Sans en référer à personne, Gramont rédige le brouillon de cet engagement et, via le télégraphe, demande à son ambassadeur de le transmettre au roi, à Ems.

La téméraire manoeuvre de Bismarck

Le 13 juillet 1870, entre huit et neuf heures du matin, l'ambassadeur Benedetti rencontre le roi Guillaume 1er sur sa promenade des sources à Ems. Il lui demande une garantie pour l'avenir. Le roi, irrité, rejette net la demande et propose à l'ambassadeur de le revoir l'après-midi. Un peu plus tard, le roi reçoit une lettre du prince de Hohenzollern confirmant le retrait de sa candidature. Il envoie son aide de camp de service Radziwill en informer l'ambassadeur Benedetti. Et l'aide de camp de préciser à l'ambassadeur : «Par là, Sa Majesté considère l'affaire comme liquidée»... L'ambassadeur se le tient pour dit et en informe son ministre.
À Berlin, à la chancellerie, Wilhelmstrasse, Bismarck dîne ce soir-là avec son chef d'état-major von Moltke et son ministre de la Guerre Roon. Arrive un télégramme d'Ems qui raconte en termes neutres l'entrevue du matin entre le roi et l'ambassadeur, la lettre du prince de Hohenzollern et la visite de l'aide de camp à Benedetti.
Quelques formules laissent toutefois percer l'irritation du roi : «Le comte Benedetti m'a saisi au passage à la promenade et, finalement, d'une manière très importune, exigea de moi que je l'autorise immédiatement à télégraphier que je m'engagerais pour l'avenir à ne plus jamais donner mon consentement, si les Hohenzollern revenaient de nouveau sur leur candidature...
Sa Majesté a reçu depuis lors une lettre du prince. Alors Sa Majesté a daigné décider de ne plus recevoir le comte Benedetti mais seulement de lui faire dire par un aide de camp que Sa Majesté n'avait plus rien à dire à l'ambassadeur...»
Bismarck et ses amis sont d'abord déçus de voir l'affaire conclue. Mais le chancelier ne tarde pas à se ressaisir.

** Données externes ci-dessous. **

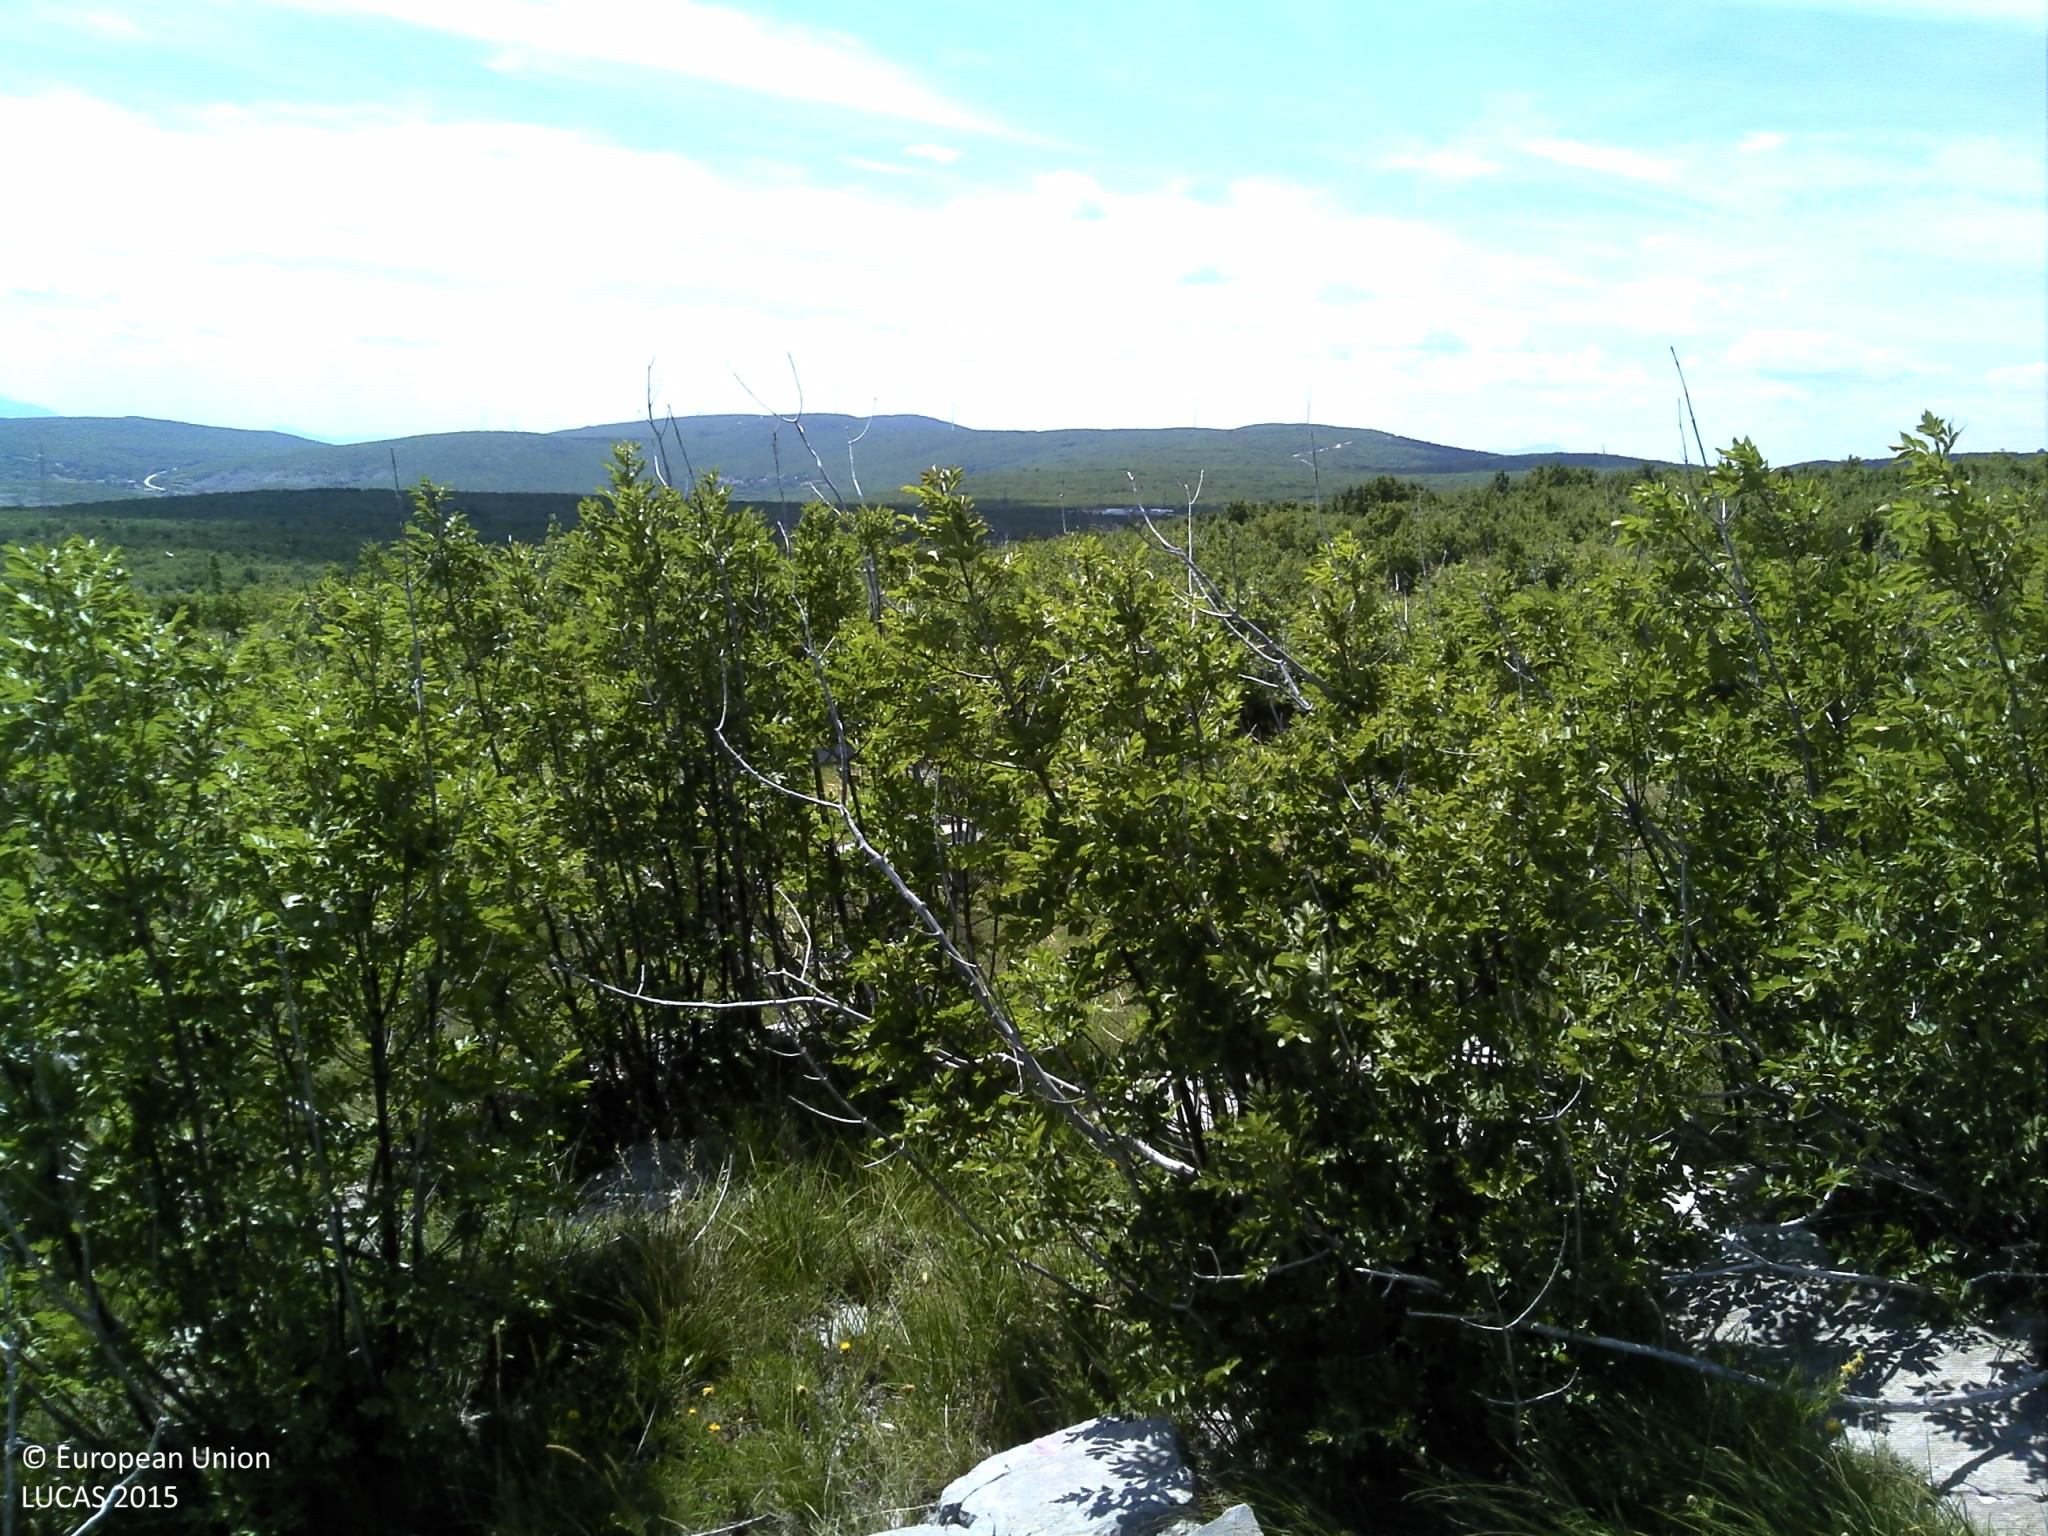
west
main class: Shrubland
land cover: Shrubland with sparse tree cover
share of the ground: > 75 %
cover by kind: shrubs 65 %, herbaceous plants 10 %, consolidated bare surface 10 %, unconsolidated bare surface 10 %, broadleaved forest trees 5 %
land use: Semi-natural and natural areas not in use
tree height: < 5 m
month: June
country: HR
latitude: 43.6127
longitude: 16.9184
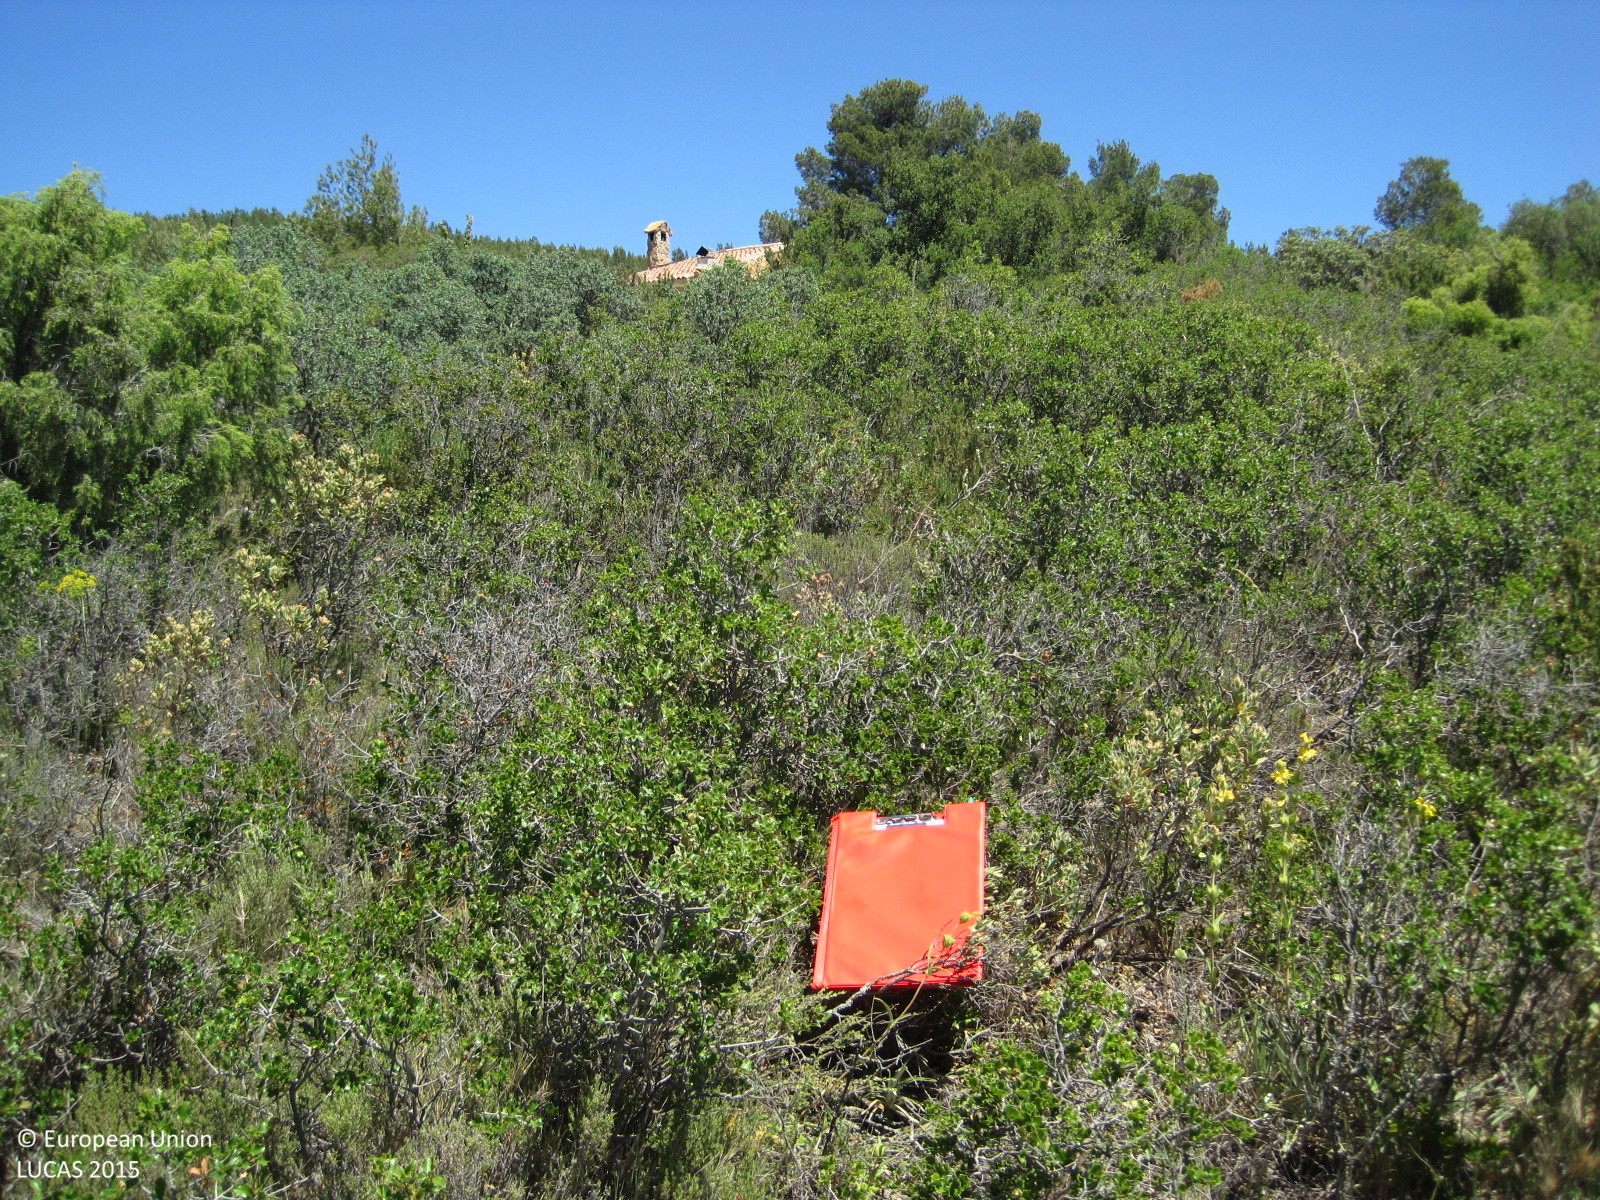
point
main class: Shrubland
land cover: Shrubland without tree cover
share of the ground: > 75 %
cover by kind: shrubs 95 %, consolidated bare surface 5 %
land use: Semi-natural and natural areas not in use
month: May
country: ES
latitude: 39.4254
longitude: -0.8607
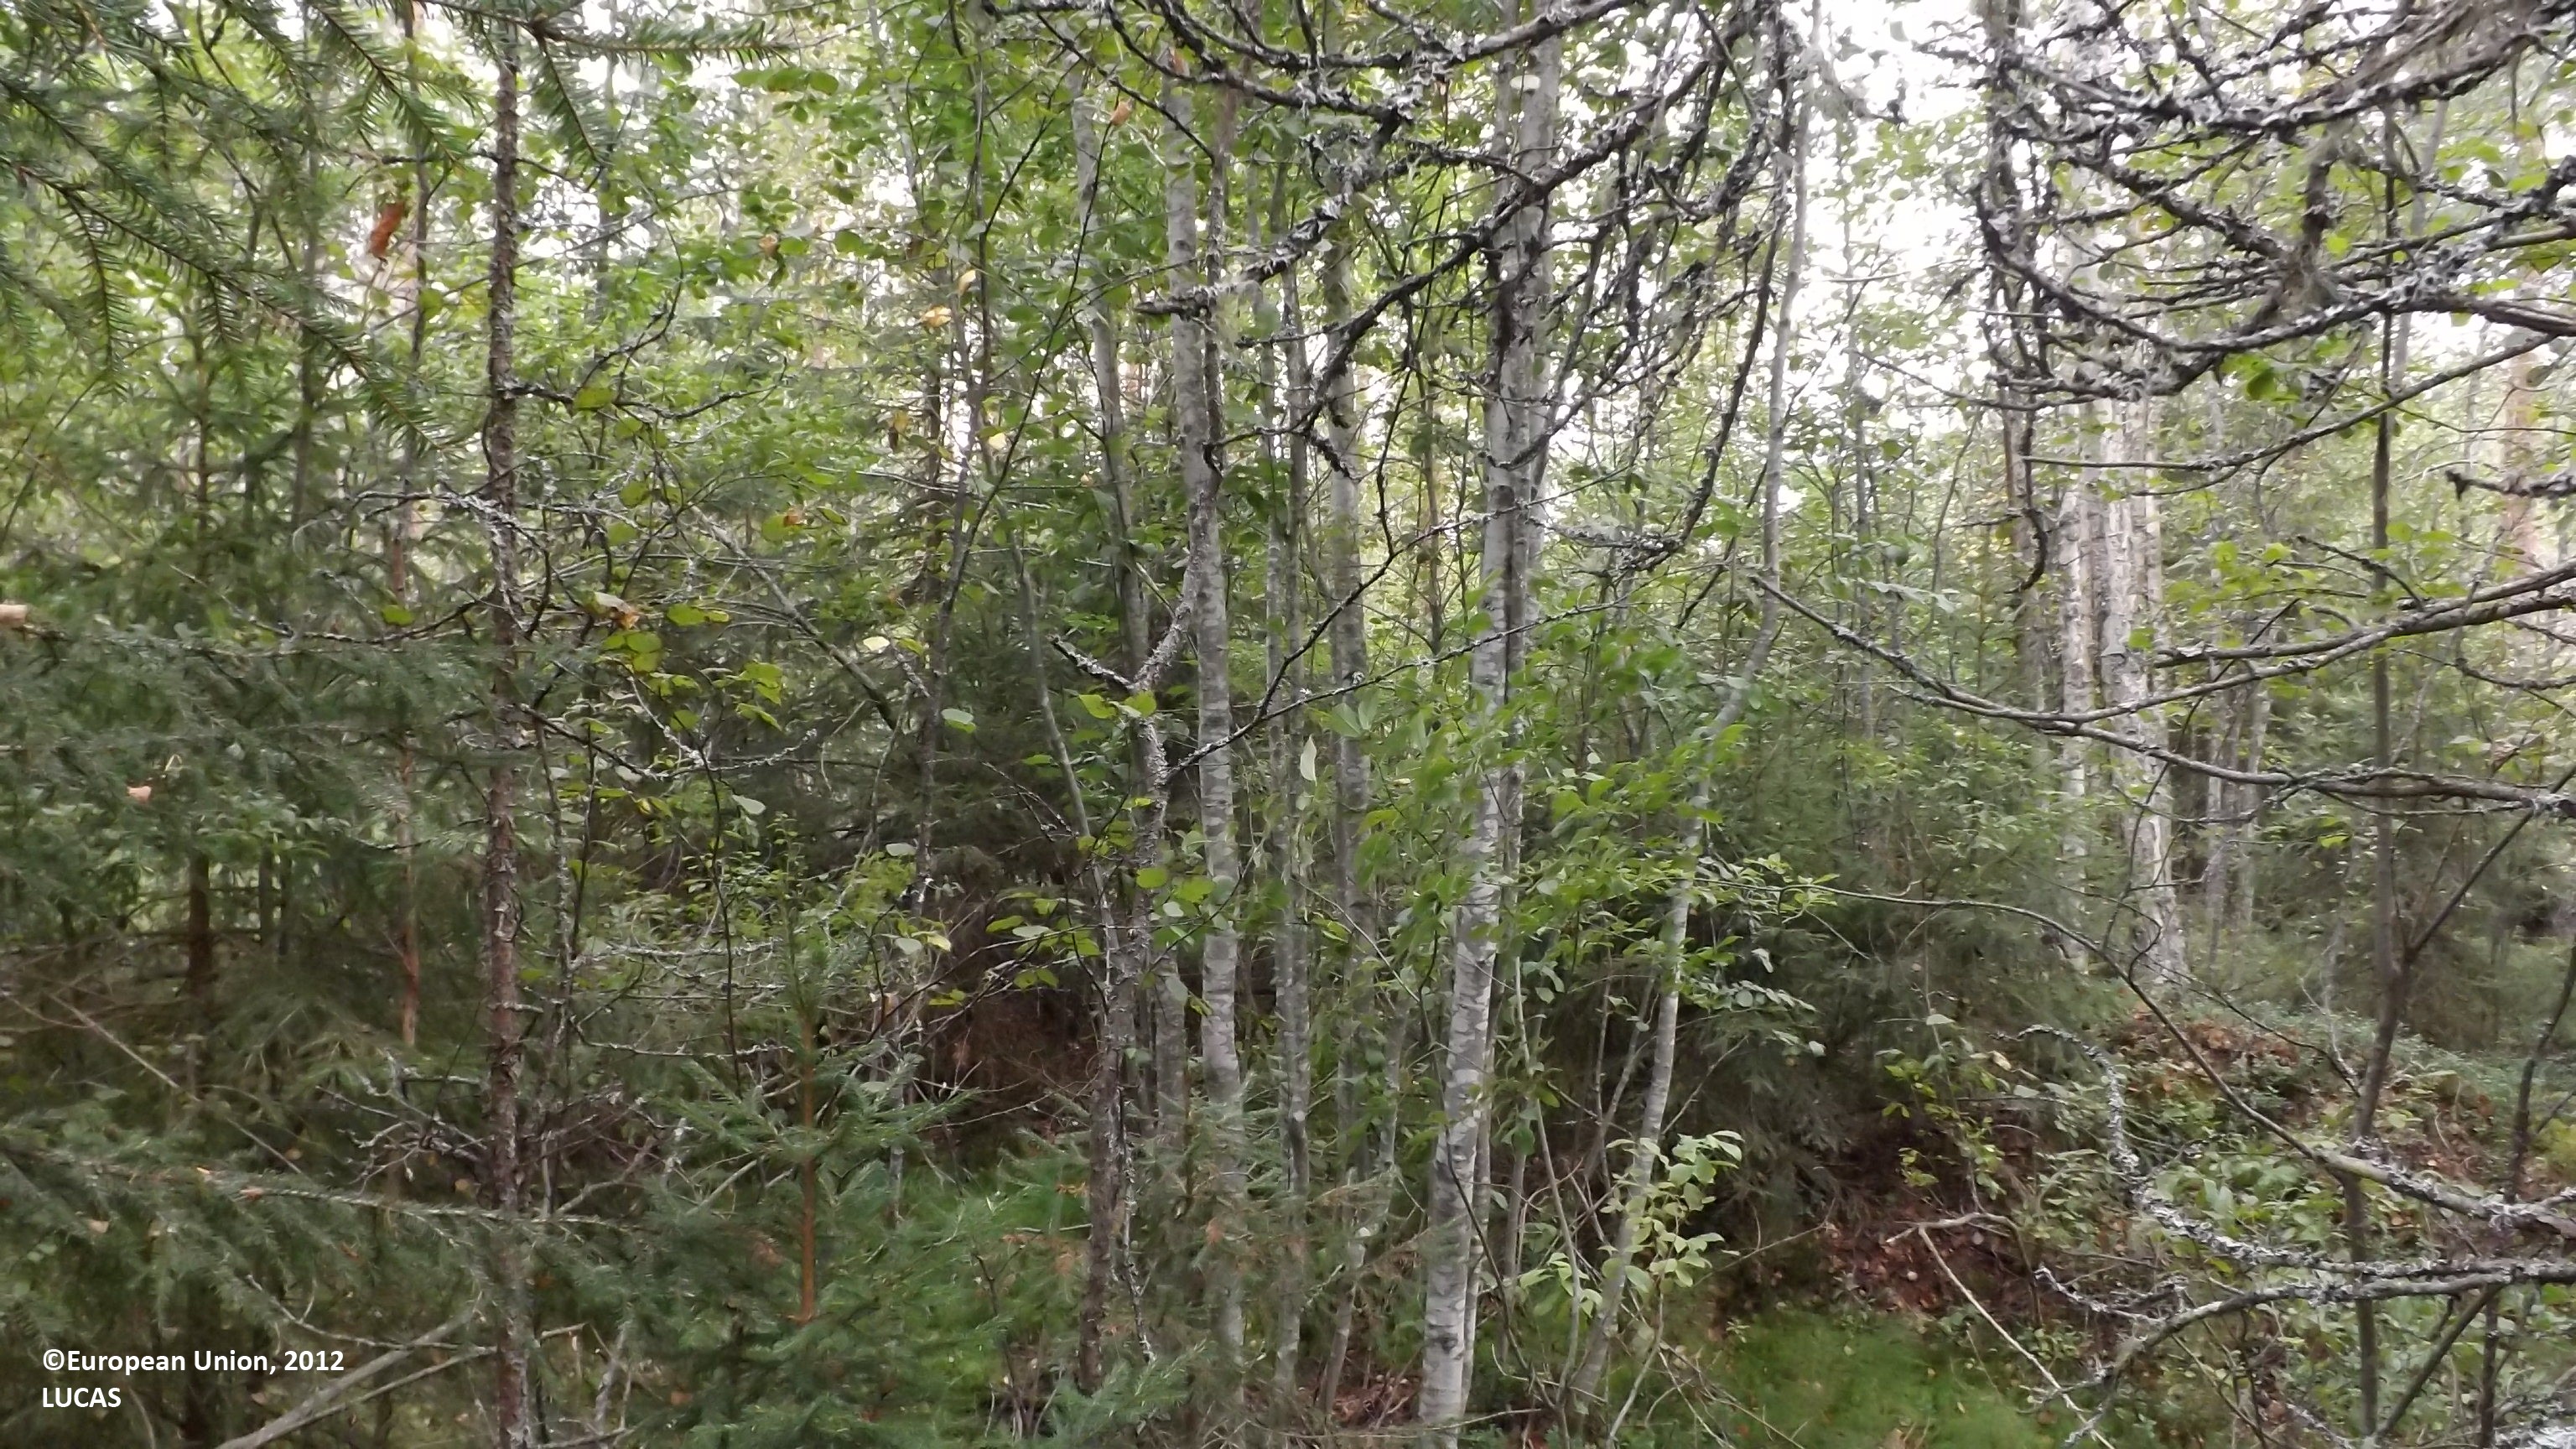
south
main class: Woodland
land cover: Other mixed woodland
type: boreal forest
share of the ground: > 75 %
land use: Forestry
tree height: > 5 m
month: August
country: FI
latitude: 63.8615
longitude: 24.0448

Il prend son grand crayon et rédige un résumé à sa manière du télégramme sans rien retrancher ni ajouter :
Ems, 13 juillet 1870. Après que les nouvelles de la renonciation du prince-héritier de Hohenzollern eussent été communiquées au gouvernement impérial français par le gouvernement royal espagnol, l'ambassadeur de France a exigé encore de Sa Majesté, à Ems, l'autorisation de télégraphier à Paris que Sa Majesté le roi s'engageait pour tout l'avenir à ne plus jamais donner son autorisation, si les Hohenzollern devaient à nouveau poser leur candidature.
Là-dessus, Sa Majesté le roi a refusé de recevoir encore une fois l'ambassadeur et lui a fait dire par l'aide de camp de service que Sa Majesté n'avait plus rien à communiquer à l'ambassadeur.
Tout y est mais en des termes proprement humiliants pour la France comme pour l'opinion publique allemande. Les Allemands sont choqués que l'ambassadeur français ait pu exiger quoi que ce soit du roi de Prusse et les Français que le roi ait pu refuser de recevoir à nouveau leur ambassadeur et le lui ait fait savoir par un simple aide de camp de service.
C'est l'objectif souhaité par Bismarck qui communique illico la dépêche aux ambassades, au gouvernement et à la presse. Le soir même, la dépêche paraît dans une édition spéciale de la Norddeutsche Allgemeine Zeitung. Elle est par ailleurs distribuée dans les rues de Berlin. Le tollé est immédiat. Comment ose-t-on traiter notre roi ! Dès le lendemain, tous les Allemands se solidarisent avec les Prussiens comme le souhaitait Bismarck.
À Paris, le Conseil des ministres se réunit d'urgence sitôt informé et siège toute la journée du 14 juillet. Gramont propose in extremis un congrès international pour régler la succession d'Espagne. Trop tard. Dehors, la foule s'agite et s'en prend à l'ambassade de Prusse. Le soir même, le ministre de la Guerre rappelle les réservistes.
L'excitation guerrière gagne les assemblées. Au Corps Législatif, Adolphe Thiers, qui tente de faire entendre la voix de la modération, est aussitôt conspué. Émile Ollivier prononce à la tribune des paroles malheureuses : De ce jour commence pour les ministres mes collègues et pour moi une grande responsabilité. Nous l'acceptons d'un coeur léger... d'un coeur confiant. Le même jour, à Berlin, Guillaume 1er signe un décret de mobilisation.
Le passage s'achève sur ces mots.